Problem
Your task is to give the listing below back word for word, pictures excluded.

Records for the exercise
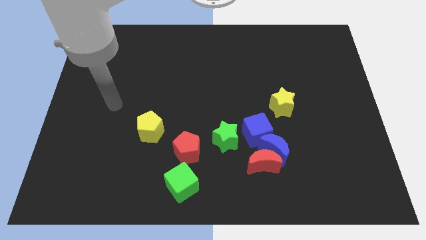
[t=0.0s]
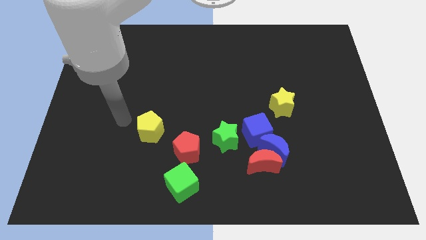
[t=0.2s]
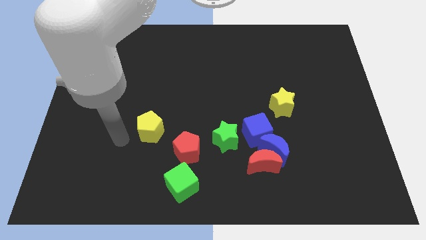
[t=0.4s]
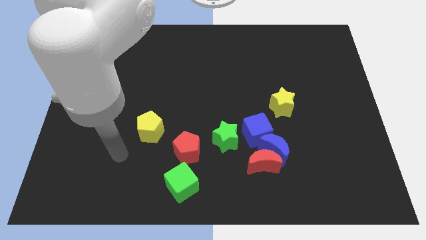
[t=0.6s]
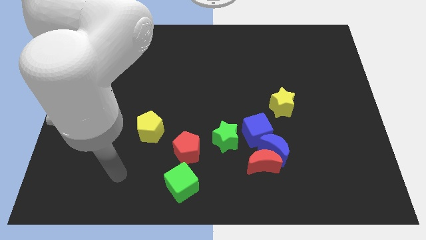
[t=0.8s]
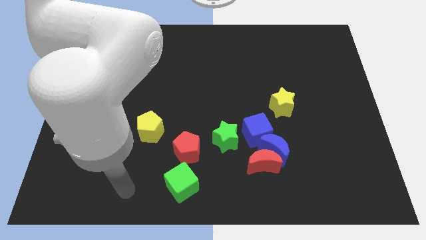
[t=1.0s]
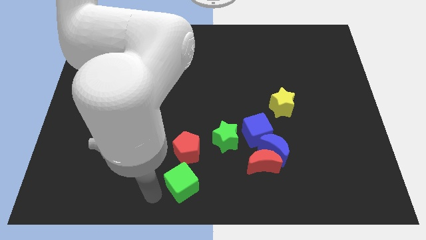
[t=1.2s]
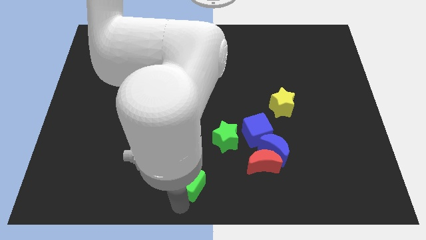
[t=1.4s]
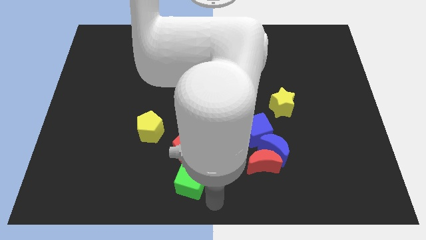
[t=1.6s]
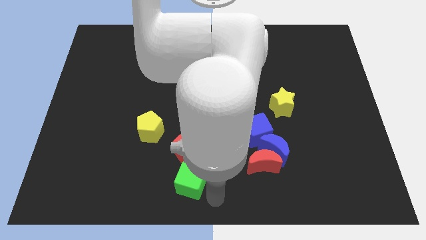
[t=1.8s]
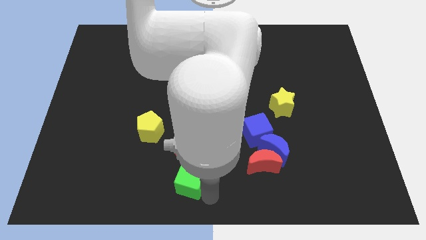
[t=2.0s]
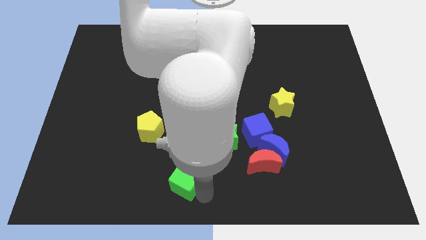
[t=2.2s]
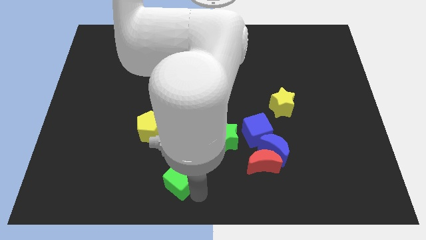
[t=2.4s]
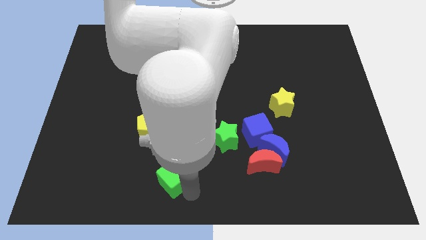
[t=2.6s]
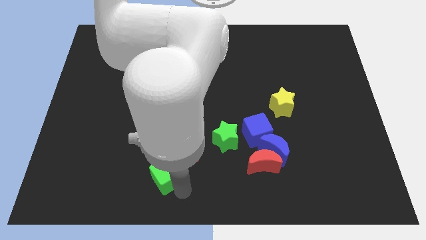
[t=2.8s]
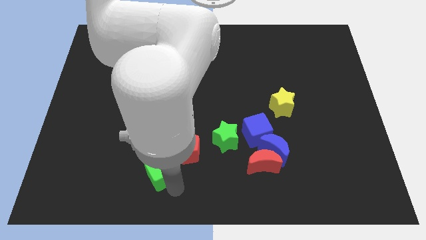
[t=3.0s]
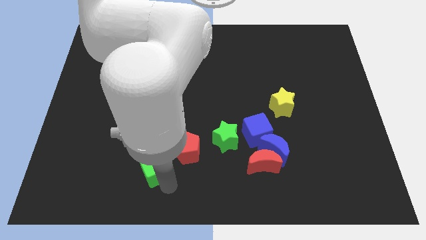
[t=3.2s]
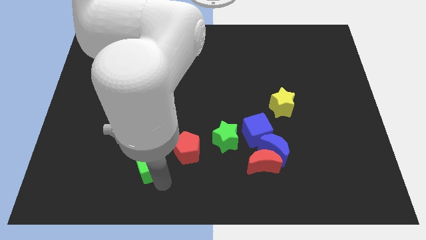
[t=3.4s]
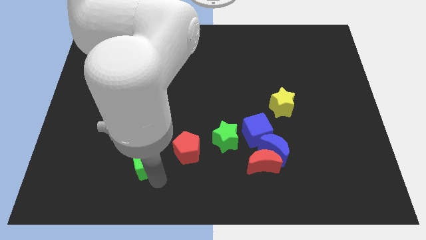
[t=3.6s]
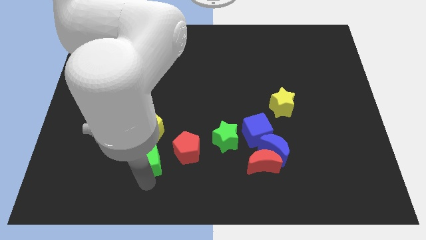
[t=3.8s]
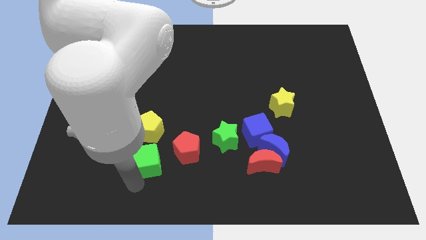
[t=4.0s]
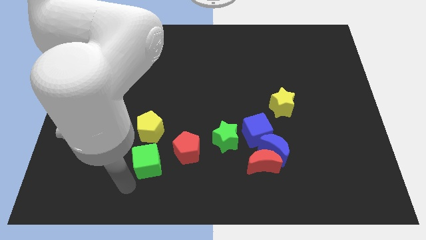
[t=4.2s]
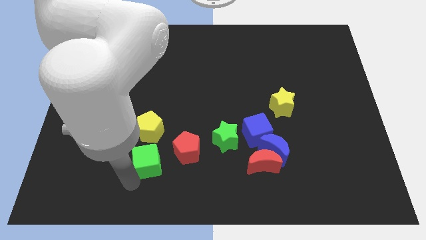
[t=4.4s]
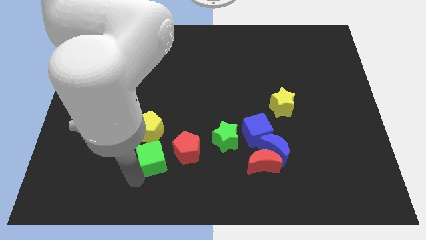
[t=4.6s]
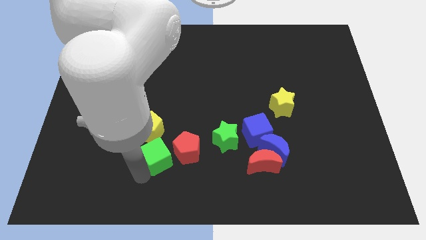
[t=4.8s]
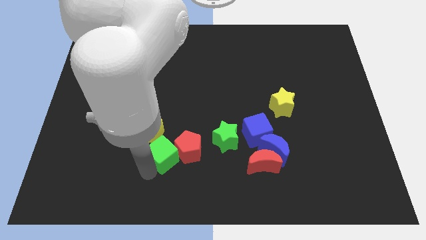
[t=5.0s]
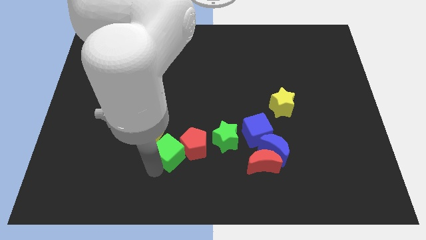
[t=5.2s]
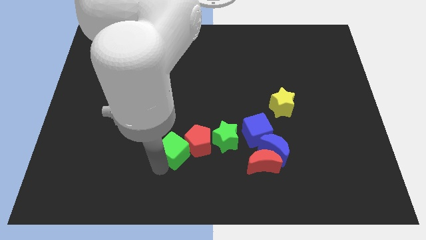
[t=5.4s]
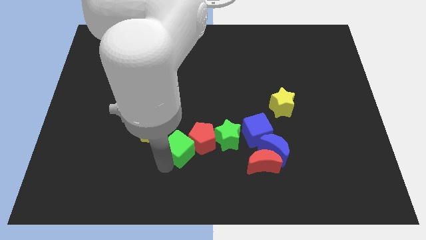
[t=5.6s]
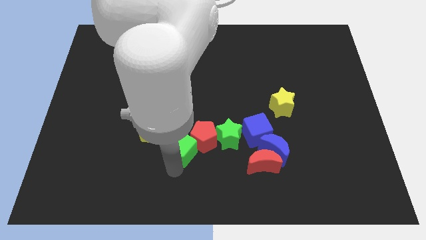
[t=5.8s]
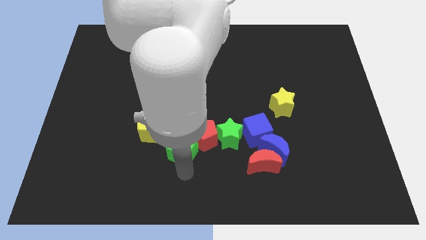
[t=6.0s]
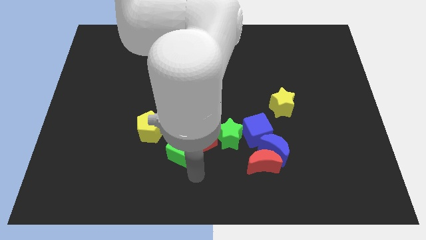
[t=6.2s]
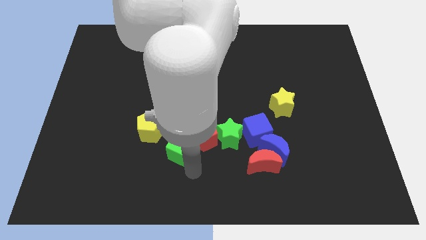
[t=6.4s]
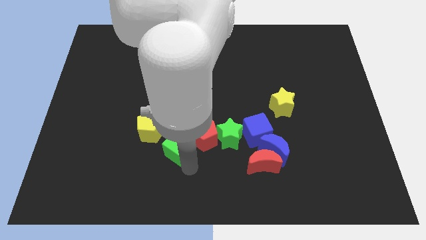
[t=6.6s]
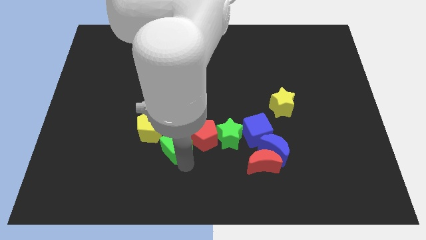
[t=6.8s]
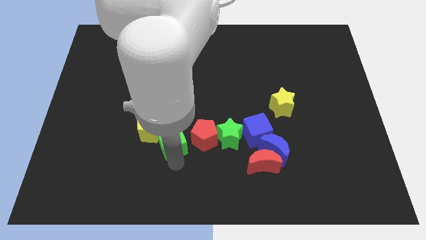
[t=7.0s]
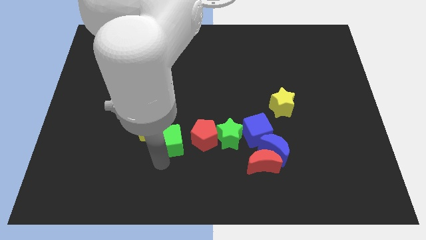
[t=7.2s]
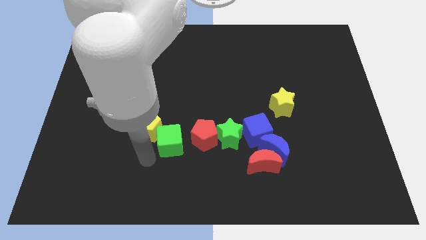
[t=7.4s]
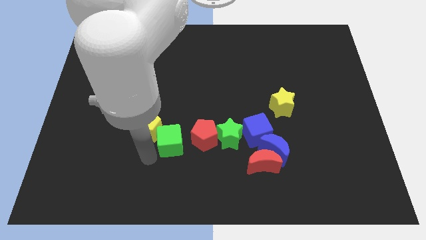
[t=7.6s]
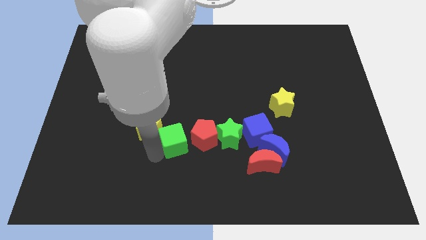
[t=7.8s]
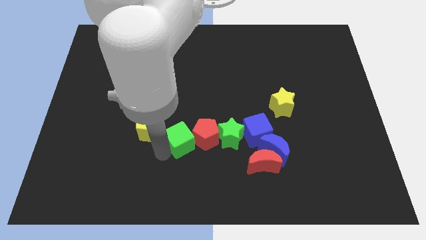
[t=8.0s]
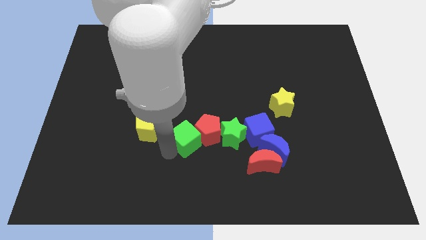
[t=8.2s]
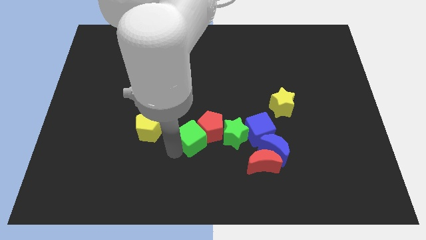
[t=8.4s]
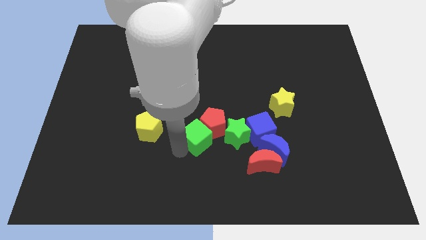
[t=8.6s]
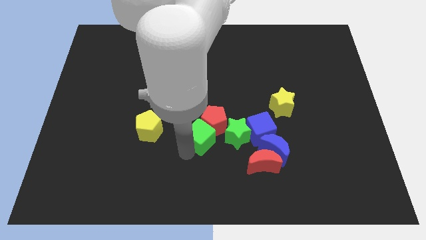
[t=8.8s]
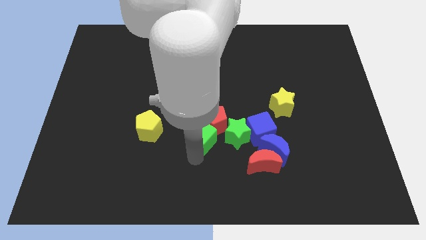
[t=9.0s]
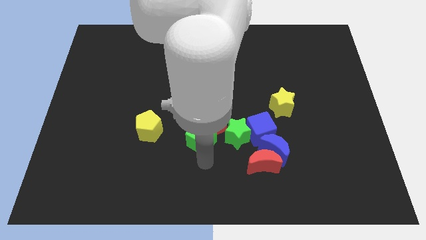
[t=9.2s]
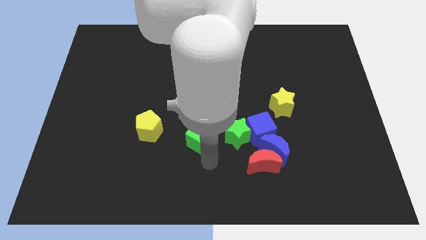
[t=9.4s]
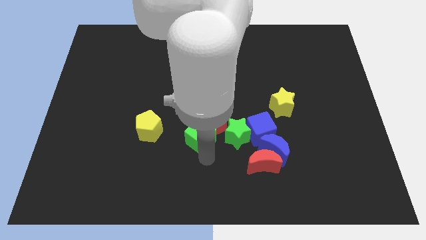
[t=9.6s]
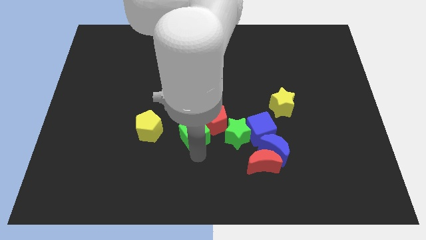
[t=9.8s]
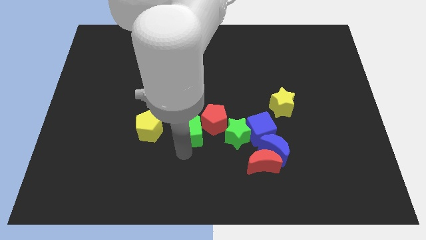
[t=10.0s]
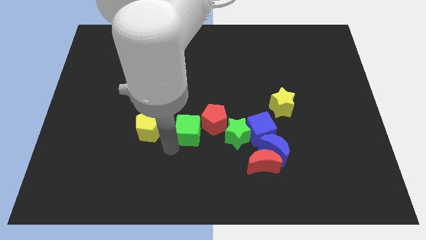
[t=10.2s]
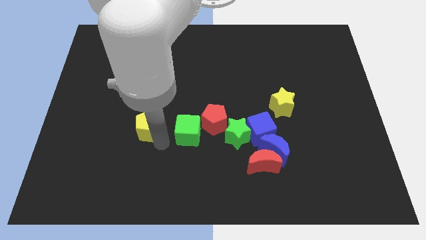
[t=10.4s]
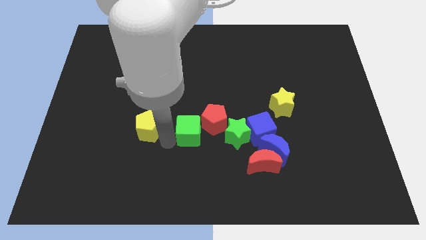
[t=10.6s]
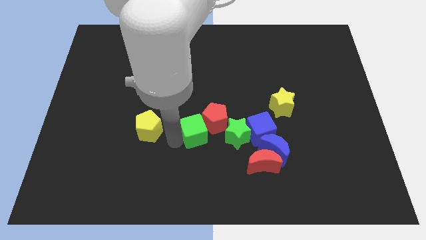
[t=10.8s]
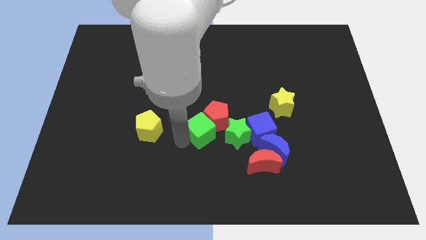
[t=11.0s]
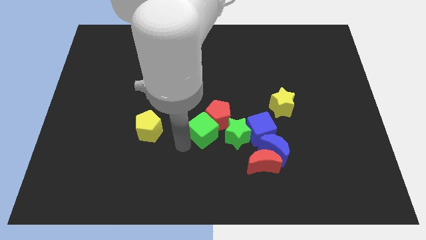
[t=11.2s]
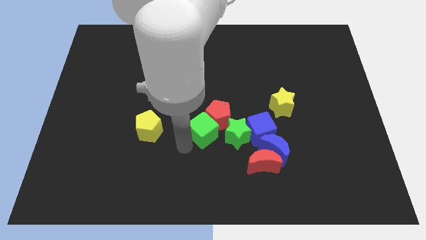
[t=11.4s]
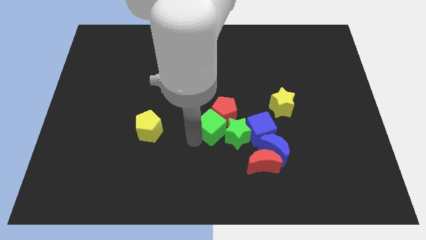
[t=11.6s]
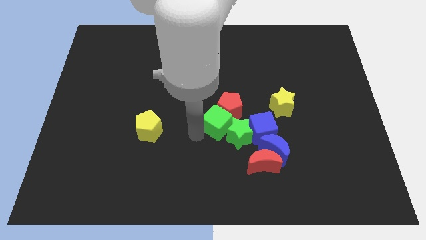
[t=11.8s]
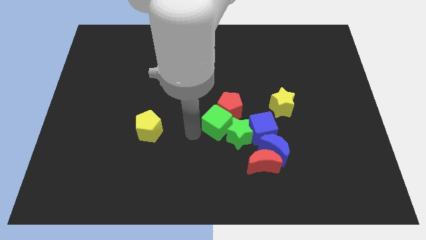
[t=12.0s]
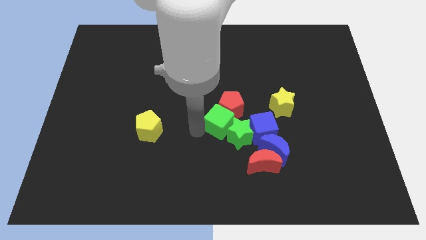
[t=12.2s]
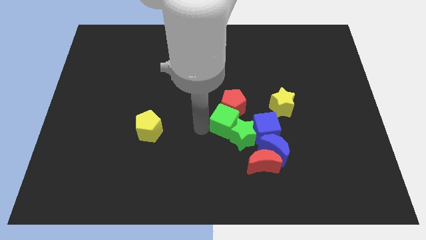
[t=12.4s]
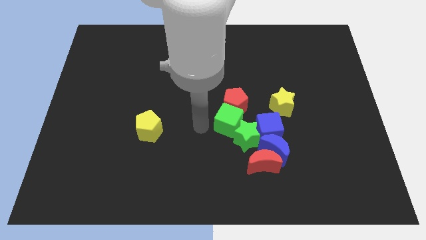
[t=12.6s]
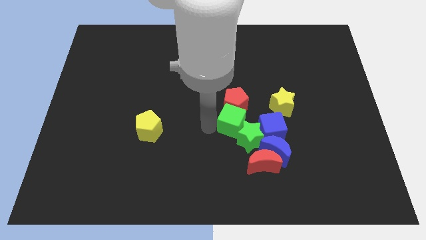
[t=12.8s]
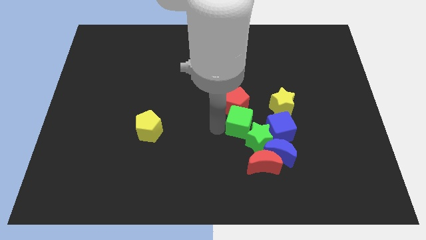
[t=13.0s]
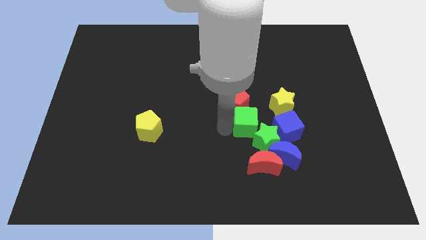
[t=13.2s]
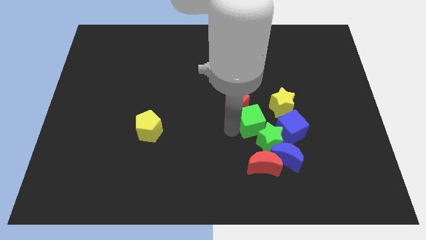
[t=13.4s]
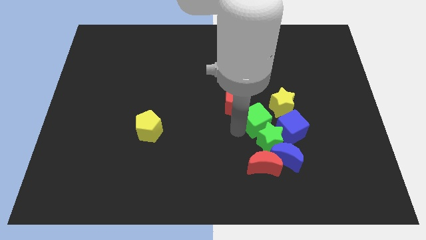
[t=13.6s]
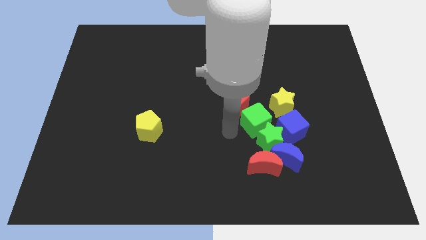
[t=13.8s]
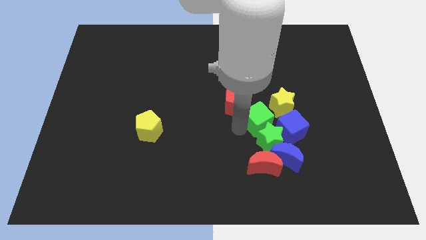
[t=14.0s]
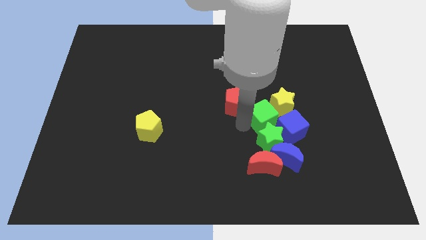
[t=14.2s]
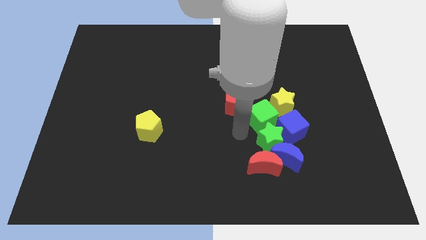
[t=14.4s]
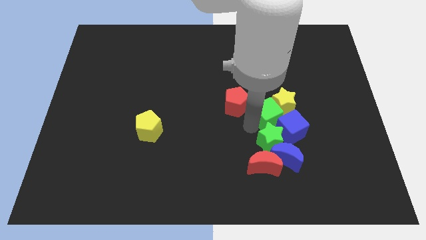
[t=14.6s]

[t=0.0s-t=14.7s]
slide the green cube to the yellow star

Answer section
[t=0.0s]
[t=0.2s]
[t=0.4s]
[t=0.6s]
[t=0.8s]
[t=1.0s]
[t=1.2s]
[t=1.4s]
[t=1.6s]
[t=1.8s]
[t=2.0s]
[t=2.2s]
[t=2.4s]
[t=2.6s]
[t=2.8s]
[t=3.0s]
[t=3.2s]
[t=3.4s]
[t=3.6s]
[t=3.8s]
[t=4.0s]
[t=4.2s]
[t=4.4s]
[t=4.6s]
[t=4.8s]
[t=5.0s]
[t=5.2s]
[t=5.4s]
[t=5.6s]
[t=5.8s]
[t=6.0s]
[t=6.2s]
[t=6.4s]
[t=6.6s]
[t=6.8s]
[t=7.0s]
[t=7.2s]
[t=7.4s]
[t=7.6s]
[t=7.8s]
[t=8.0s]
[t=8.2s]
[t=8.4s]
[t=8.6s]
[t=8.8s]
[t=9.0s]
[t=9.2s]
[t=9.4s]
[t=9.6s]
[t=9.8s]
[t=10.0s]
[t=10.2s]
[t=10.4s]
[t=10.6s]
[t=10.8s]
[t=11.0s]
[t=11.2s]
[t=11.4s]
[t=11.6s]
[t=11.8s]
[t=12.0s]
[t=12.2s]
[t=12.4s]
[t=12.6s]
[t=12.8s]
[t=13.0s]
[t=13.2s]
[t=13.4s]
[t=13.6s]
[t=13.8s]
[t=14.0s]
[t=14.2s]
[t=14.4s]
[t=14.6s]

[t=0.0s-t=14.7s]
slide the green cube to the yellow star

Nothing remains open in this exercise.